This project extracts GDP data for South American countries from the World Bank API and loads it into a PostgreSQL database. The data is then queried to produce a pivoted report for the last 5 years.
- Docker
- Docker Compose
-
Clone the repository:
git clone https://github.com/vitorjpc10/ETL-GDP-of-South-American-countries-using-the-World-Bank-API.git
-
Move to the newly cloned repository:
cd ETL-GDP-of-South-American-countries-using-the-World-Bank-API
-
Build and run the Docker containers:
docker-compose up --build
-
The data will be extracted and loaded, based on the logic from
main.py
, into the PostgreSQL database. -
To generate the pivoted report, access the PostgreSQL database and execute the
query.sql
SQL File:docker exec -it etl-gdp-of-south-american-countries-using-the-world-bank-api-db-1 psql -U postgres -c "\i query.sql"
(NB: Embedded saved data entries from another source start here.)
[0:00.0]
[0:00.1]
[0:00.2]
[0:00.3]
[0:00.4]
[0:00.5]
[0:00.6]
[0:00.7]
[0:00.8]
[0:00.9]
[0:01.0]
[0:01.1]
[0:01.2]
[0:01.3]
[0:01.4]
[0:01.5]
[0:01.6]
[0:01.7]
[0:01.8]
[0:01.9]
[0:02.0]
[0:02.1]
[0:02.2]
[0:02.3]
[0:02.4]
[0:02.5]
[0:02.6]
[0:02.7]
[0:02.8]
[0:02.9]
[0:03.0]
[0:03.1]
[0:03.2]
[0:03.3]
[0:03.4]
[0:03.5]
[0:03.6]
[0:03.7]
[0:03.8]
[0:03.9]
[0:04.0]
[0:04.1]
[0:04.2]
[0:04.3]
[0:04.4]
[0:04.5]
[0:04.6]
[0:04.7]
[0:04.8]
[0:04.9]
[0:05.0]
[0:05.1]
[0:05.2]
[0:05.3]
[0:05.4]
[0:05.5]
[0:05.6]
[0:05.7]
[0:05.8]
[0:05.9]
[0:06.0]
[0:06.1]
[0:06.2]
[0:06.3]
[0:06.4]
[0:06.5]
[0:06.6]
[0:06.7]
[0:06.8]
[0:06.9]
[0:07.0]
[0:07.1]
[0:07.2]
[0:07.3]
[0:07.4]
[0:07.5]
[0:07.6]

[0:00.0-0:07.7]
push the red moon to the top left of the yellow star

- The project uses Docker and Docker Compose for containerization and orchestration to ensure consistent development and deployment environments.
- Docker volumes are utilized to persist PostgreSQL data, ensuring that the data remains intact even if the containers are stopped or removed.
- The PostgreSQL database is selected for data storage due to its reliability, scalability, and support for SQL queries.
- Pure Python and SQL are used for data manipulation without the use of dataframe libraries, ensuring lightweight and efficient data processing.
- The World Bank API is assumed to return consistent and accurate data. To potentially minimize the number of requests and make the process faster and more optimal, the
per_page
parameter in the API endpoint is increased. - The SQL query for generating the pivoted report is stored in a separate file (
query.sql
). This allows for easy modification of the query and provides a convenient way to preview the results. - To generate the pivoted report, the SQL query is executed within the PostgreSQL database container. This approach simplifies the process and ensures that the query can be easily run and modified as needed. Additionally, the query results are previewed in the terminal after successfully loading the data to the database for convenience.